2. "Torture, rights violations persist in EU-hopeful Turkey, rights group says", torture and other forms of human rights violations are still widespread in Turkey, a country seeking to join the European Union, the main local human rights' watchdog said here Thursday. The charge came in a report by the Turkish Human Rights Association (IHD) detailing rights abuses in the first six months of this year and released at a press conference here.

3. "EU to Recommend 10 to Join; No Date for Turkey", the European Commission ( news - web sites) will recommend next week that 10 candidate countries should join the European Union ( news - web sites) in 2004 but will propose no date for Turkey to start accession talks, an EU source said Friday.

4. "Case against pro-Kurdish HADEP to be resolved soon", it is now up to the head of the Constitutional Court to set the date for the final ruling over the fate of HADEP.

5. "UN Cyprus talks open clouded by Turkish elections", diplomats said a breakthrough was unlikely but the talks could lay the groundwork for a settlement after Turkey's Nov. 3 general elections but before Dec. 12, when EU leaders gather in Copenhagen to make decisions on new members to accept in 2004.

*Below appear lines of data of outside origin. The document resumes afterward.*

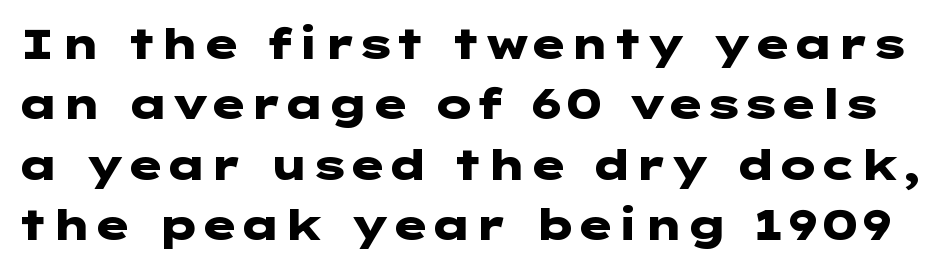
The image shows 42 px heavy, wide sans-serif type, upright; set normal line spacing (1.44x), normal letter spacing, not underlined; low stroke contrast and a medium x-height.
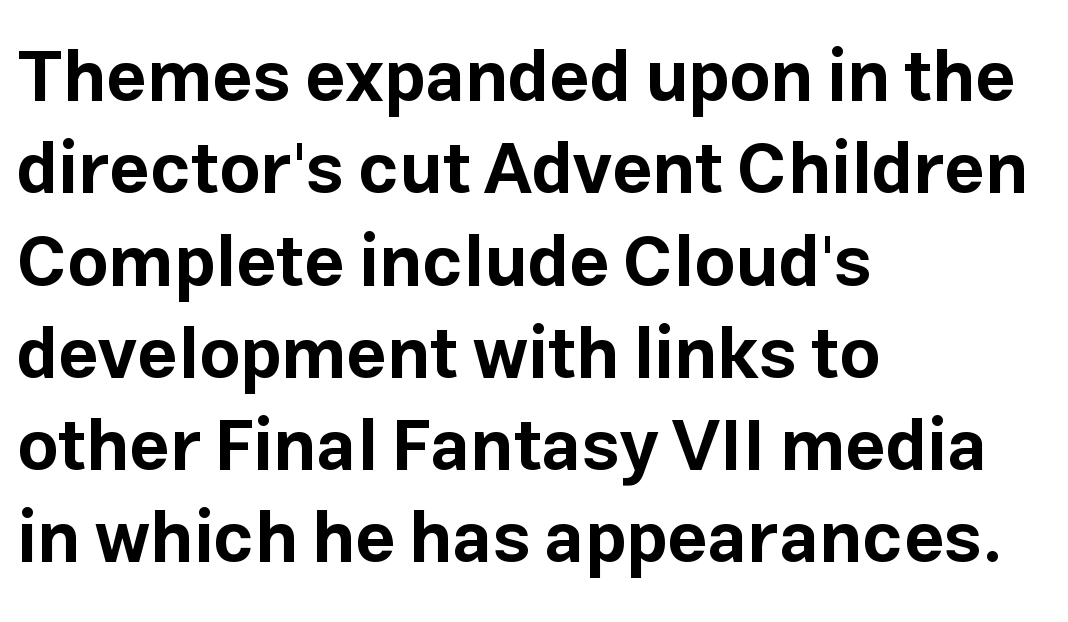
{"serif": "no", "italic": "no", "bold": "yes", "weight": "bold", "width": "normal", "stroke_contrast": "low", "x_height": "medium", "monospaced": "no", "underline": "no", "align": "left", "line_spacing": "normal", "line_spacing_ratio": 1.3, "letter_spacing": "normal", "letter_spacing_em": 0.0, "glyph_px": 71}
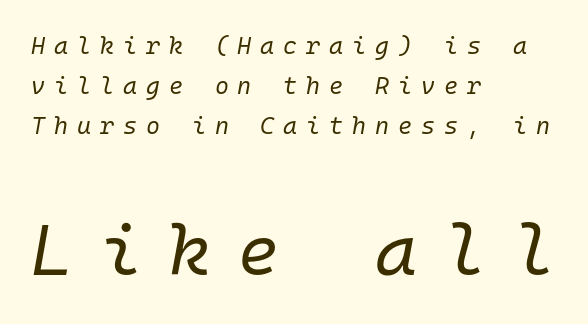
The image shows 72 px regular-weight type, italic (leaning right), monospaced; set left-aligned, normal line spacing (1.66x), unusually wide letter spacing (+0.37 em), not underlined; the second (bottom) block is 3.0x larger; low stroke contrast and a medium x-height.
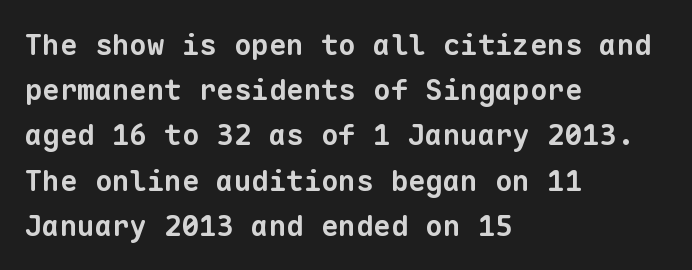
The image shows 29 px bold sans-serif type, monospaced; set left-aligned, normal line spacing (1.56x), normal letter spacing, not underlined; low stroke contrast and a medium x-height.
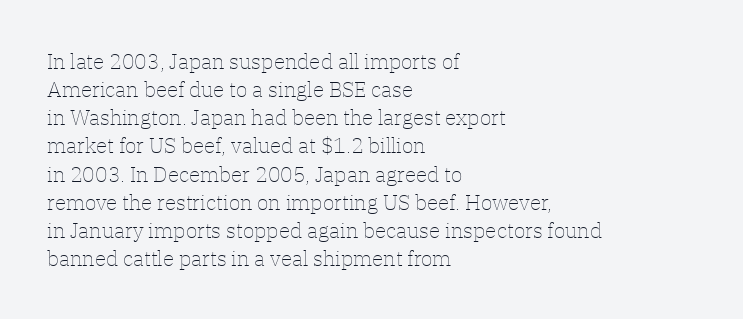
Q: Is the text bold? A: No.
Q: Is the text italic (slanted)? A: No, it is upright.
Q: Is the text underlined? A: No.
Q: How is the paragraph aligned? A: Left-aligned.
Q: Is the spacing between letters normal or unusually wide? A: Normal.
Q: Is the spacing between lines tight, normal or loose? A: Normal.
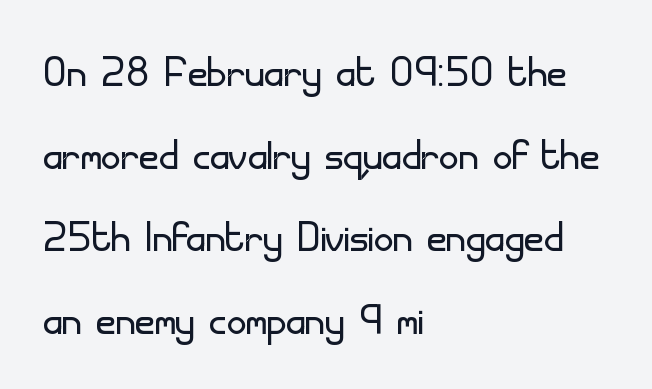
The image shows 54 px light sans-serif type, upright; set left-aligned, normal line spacing (1.53x), normal letter spacing, not underlined; low stroke contrast and a small x-height.
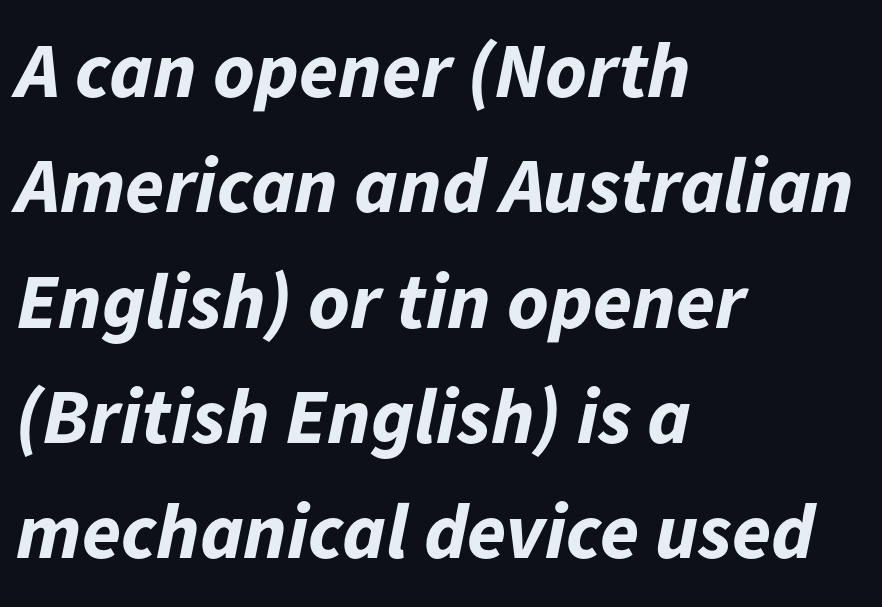
Q: Is the text bold? A: Yes.
Q: Is the text italic (slanted)? A: Yes, it leans right by about 11 degrees.
Q: Is the text underlined? A: No.
Q: How is the paragraph aligned? A: Left-aligned.
Q: Is the spacing between letters normal or unusually wide? A: Normal.
Q: Is the spacing between lines tight, normal or loose? A: Normal.
Q: Width (condensed, normal, or wide)? A: Normal.
Q: Stroke contrast? A: Low.
Q: x-height? A: Medium.
Q: Monospaced? A: No.
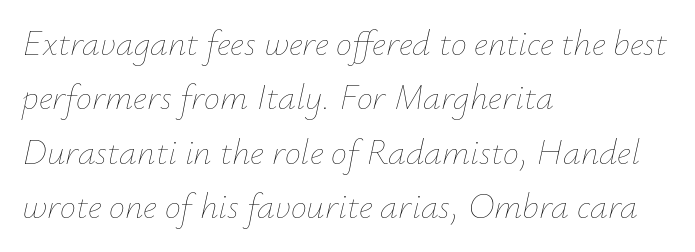
Honestly, the row spacing looks completely unremarkable. Caption: standard tracking, unaltered. The letters advance in unequal steps, a hallmark of proportional type. The weight tops out at a normal text grade.
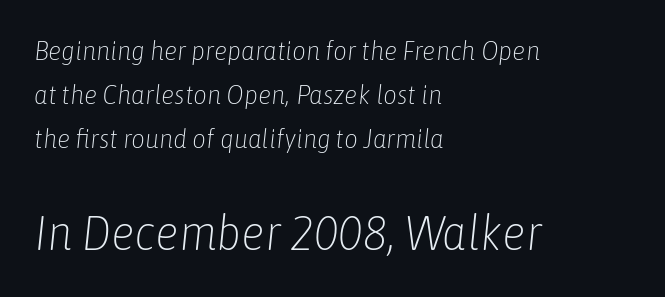
The rendering uses natural spacing where letterforms have individual widths. A student would notice the bottom passage is typeset larger than what precedes it. Line spacing here is normal. Leftover space on each line is placed entirely after the last word. The gaps between neighbouring characters are ordinary and unremarkable.
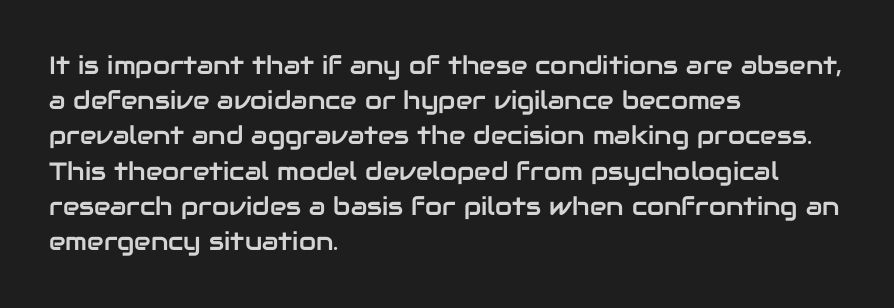
The image shows 25 px text type, upright; set left-aligned, normal line spacing (1.41x), normal letter spacing, not underlined.
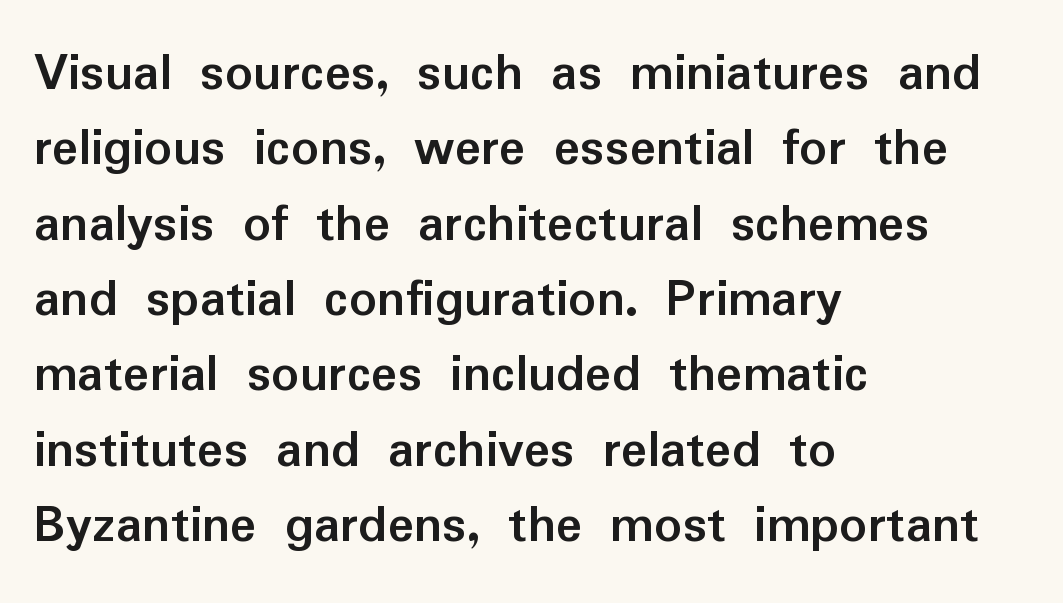
{"serif": "no", "italic": "no", "bold": "yes", "weight": "semibold", "width": "normal", "stroke_contrast": "low", "x_height": "medium", "monospaced": "no", "underline": "no", "align": "left", "line_spacing": "normal", "line_spacing_ratio": 1.37, "letter_spacing": "normal", "letter_spacing_em": 0.0, "glyph_px": 55}
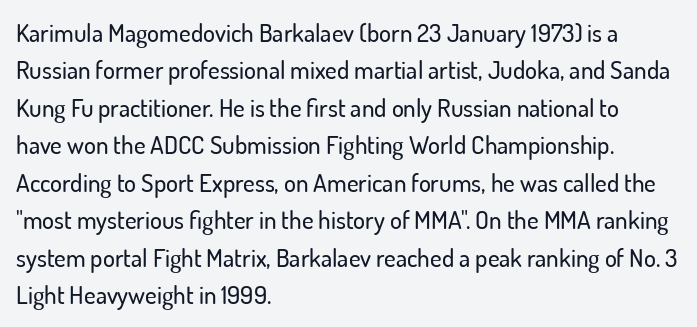
The rendering anchors every line to the left-hand side. The vertical gap from one line to the next is medium. The letterforms sit shoulder to shoulder at normal distance. Lines of text with bare space underneath. This is roman type, the default non-slanted kind.
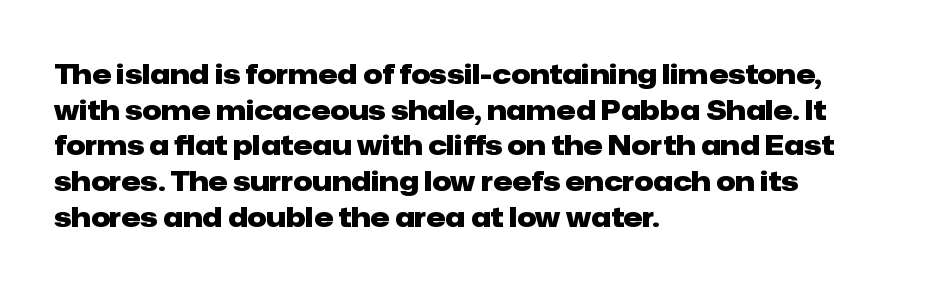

6. "Kurdish factions mark growing accord by recalling parliament", Kurds make further efforts to end their divisions.


1. - AFP - "Turkey commutes death penalty on Kurdish leader Ocalan":

ANKARA / 3 October 2002 / by Hande Culpan

Kurdish rebel leader Abdullah Ocalan on Thursday escaped the gallows, but was set to spend the rest of his life behind bars after a Turkish court commuted his death sentence to life imprisonment. The ruling by the Ankara state security court followed the adoption in August by parliament of a set of far-reaching human rights reforms aimed at drawing the country closer to the European Union (EU). The court decided unanimously that Ocalan, the leader of the outlawed Kurdistan Workers' Party (PKK), would stay in prison until his death and would have no chance of an amnesty.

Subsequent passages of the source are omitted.